France suspends Afghan operations
The soldiers were shot dead by their Afghan counterpart in Tagab district earlier in the day. The suspected killer was apprehended, a brief statement from the International Security Assistance Force said.
A local security source confided to Pajhwok Afghan News that at least 15 other foreign troops were wounded in the shooting at a military base in the restive district.
Col. Asadullah Hamidi, a spokesman for the Kapisa police headquarters, said they had received information regarding the incident in Tagab. They were yet to have a detailed report, he added.
According to international media reports, French President Nicolas Sarkozy said the shooting raised the query of whether his country should step up the withdrawal of all its soldiers from Afghanistan.
The TF1 television channel quoted Sarkozy as telling diplomats in Paris: "The French Army is standing next to its allies, but we cannot accept that even one of our soldiers be killed or wounded by our allies."
He said of the shooting, the second against French servicemembers in less than a month: "It is unacceptable. I will not accept it." The French leader ordered his Defence Minister Gerard Longuet to visit Afghanistan to demonstrate support for the French contingent.
On Dec. 29, two French troopers were gunned down in Kapisa by a man in an Afghan army uniform.

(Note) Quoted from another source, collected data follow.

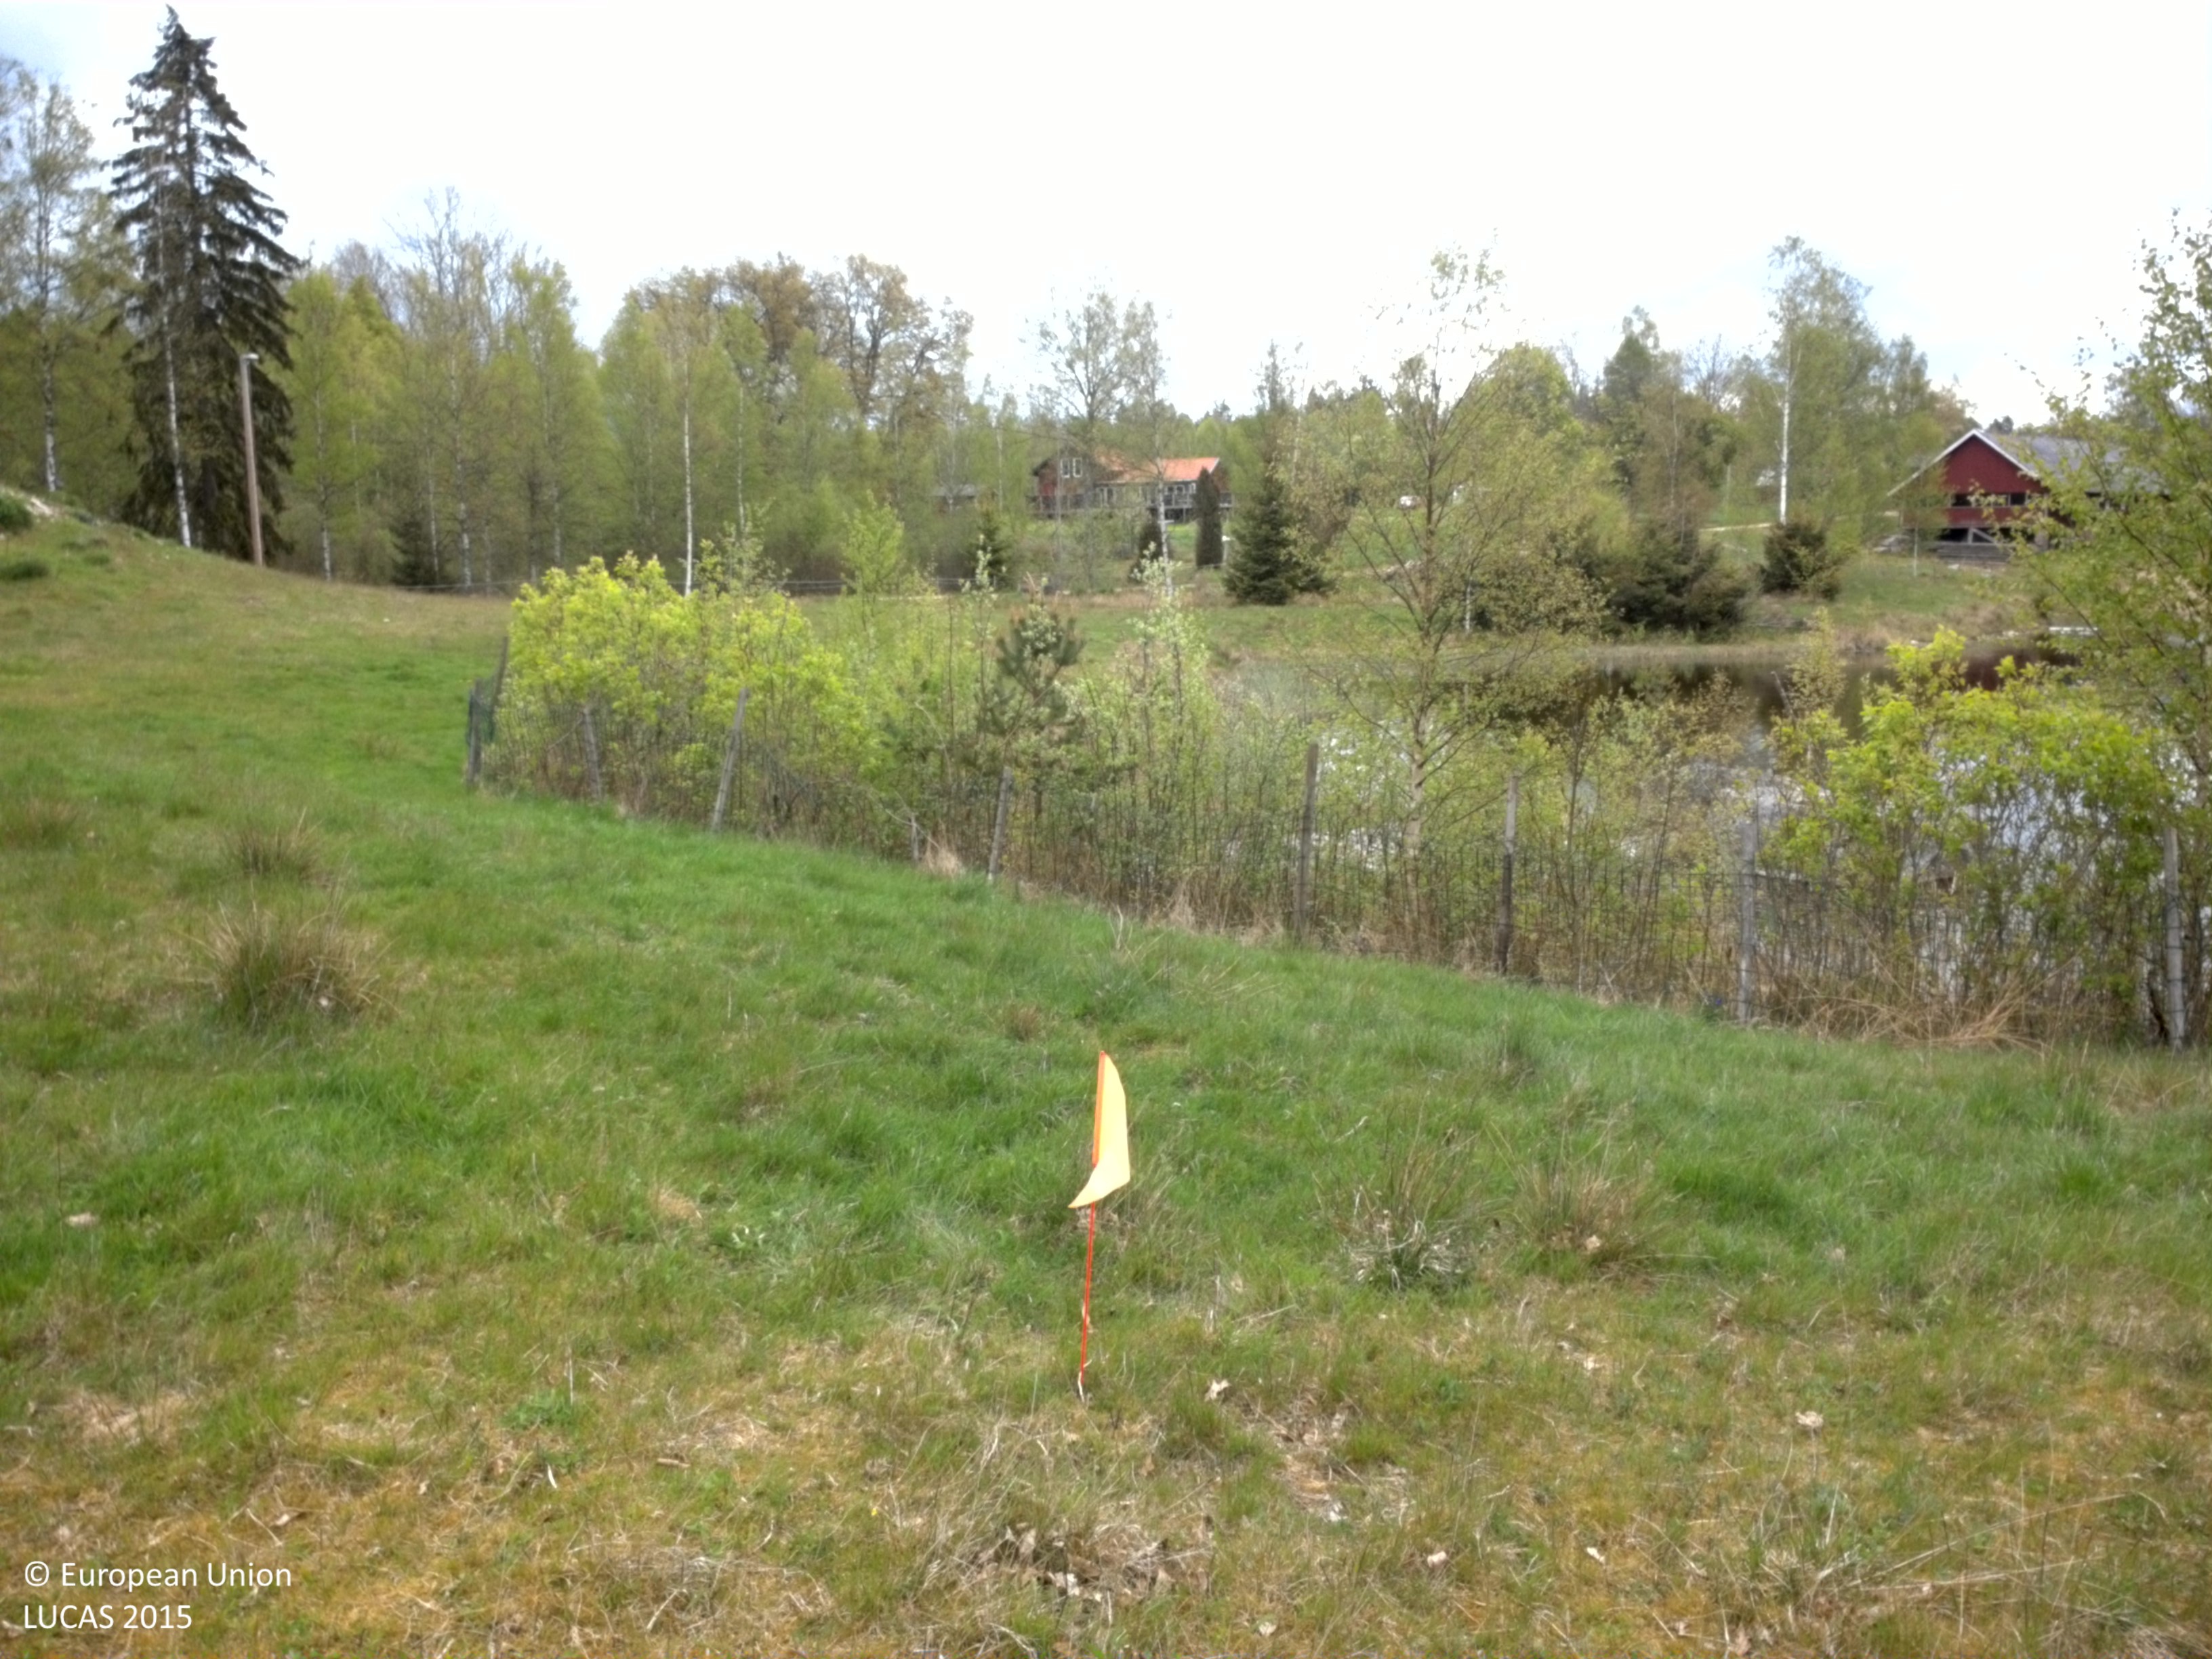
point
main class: Grassland
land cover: Grassland without tree/shrub cover
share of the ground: > 75 %
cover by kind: herbaceous plants 100 %
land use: Agriculture (excluding fallow land and kitchen gardens)
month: May
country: SE
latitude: 56.7984
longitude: 15.3197

The attacker was shot dead by other French soldiers.
Longuet and army chief of staff Admiral Edouard Guillaud were directed to determine the circumstances of the latest attack on French troopers.

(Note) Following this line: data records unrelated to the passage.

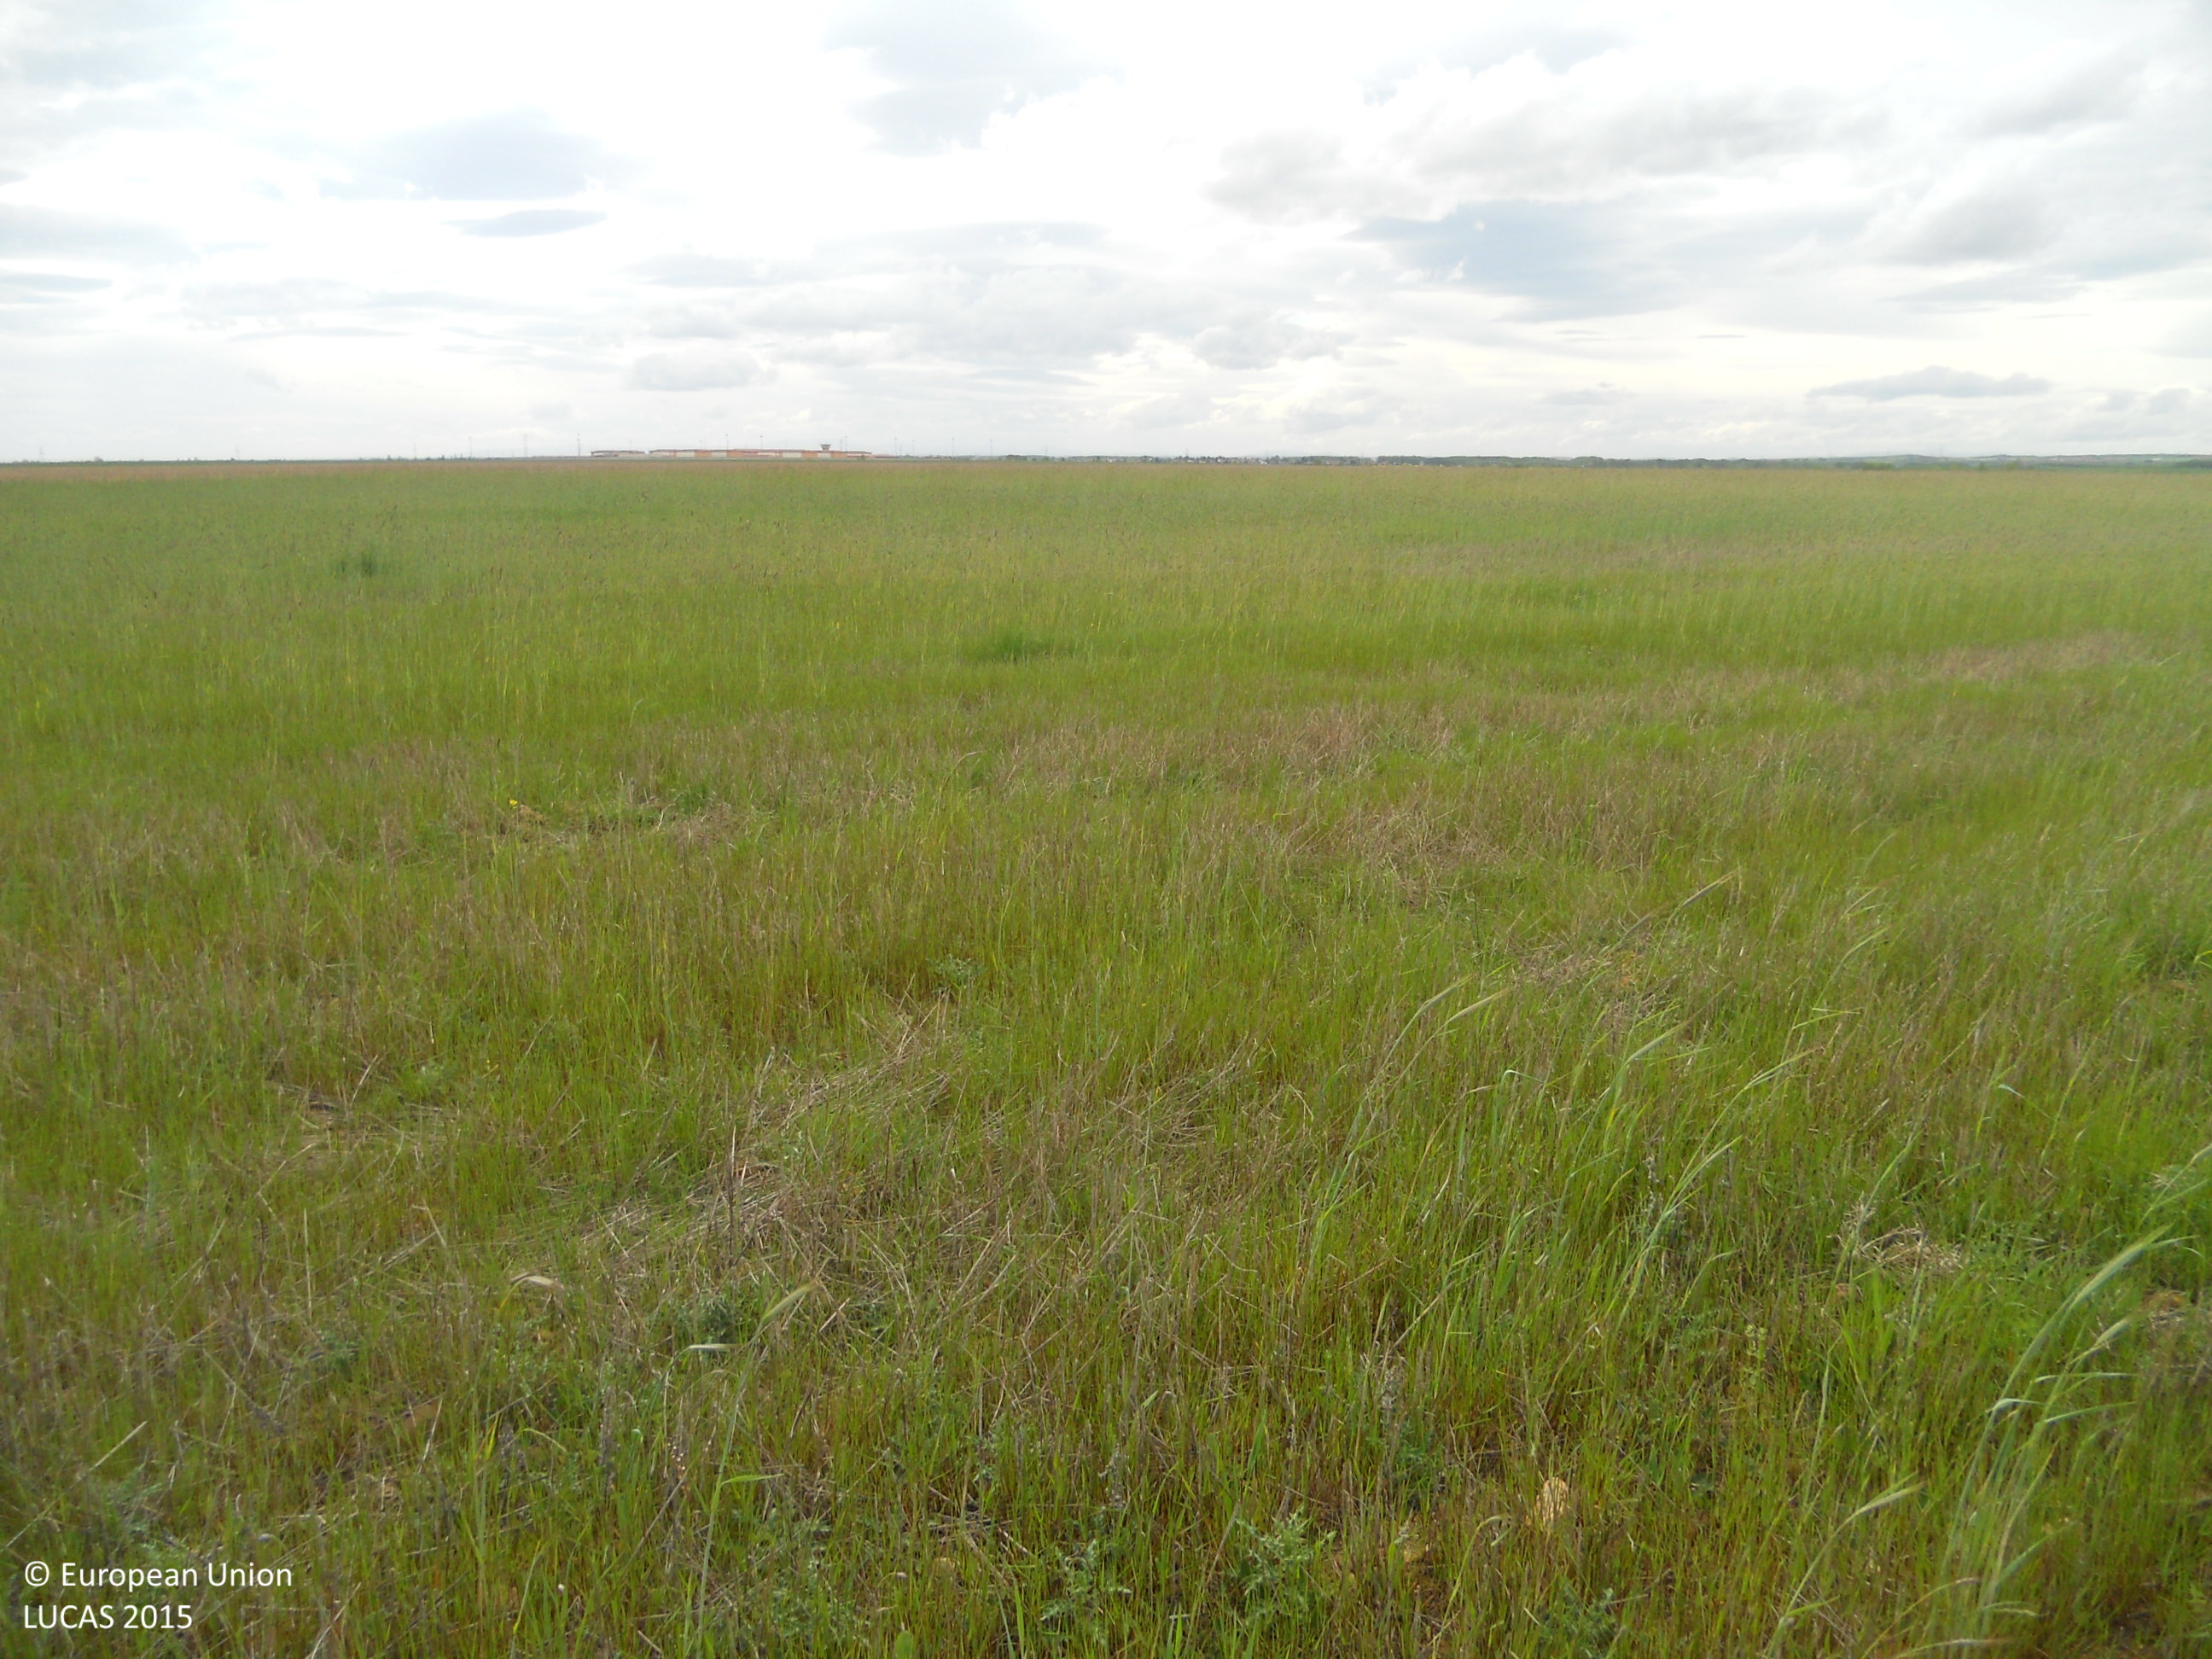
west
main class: Cropland
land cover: Rye
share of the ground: 10 - 25 %
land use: Agriculture (excluding fallow land and kitchen gardens)
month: May
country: ES
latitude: 42.5050
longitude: -5.3396

"Between now and then all training, joint combat operations by the French army are suspended," the president told the New Year ceremony. "If security conditions are not clearly established, the question of an early return of the French army will be asked."
Earlier in the month, an American soldier was killed when a man in an ANA uniform opened fire at a military centre in southeastern Afghanistan.
More than 50 foreign troops have been killed and as many wounded by their Afghan partners since 2005, according to data compiled by USA Today.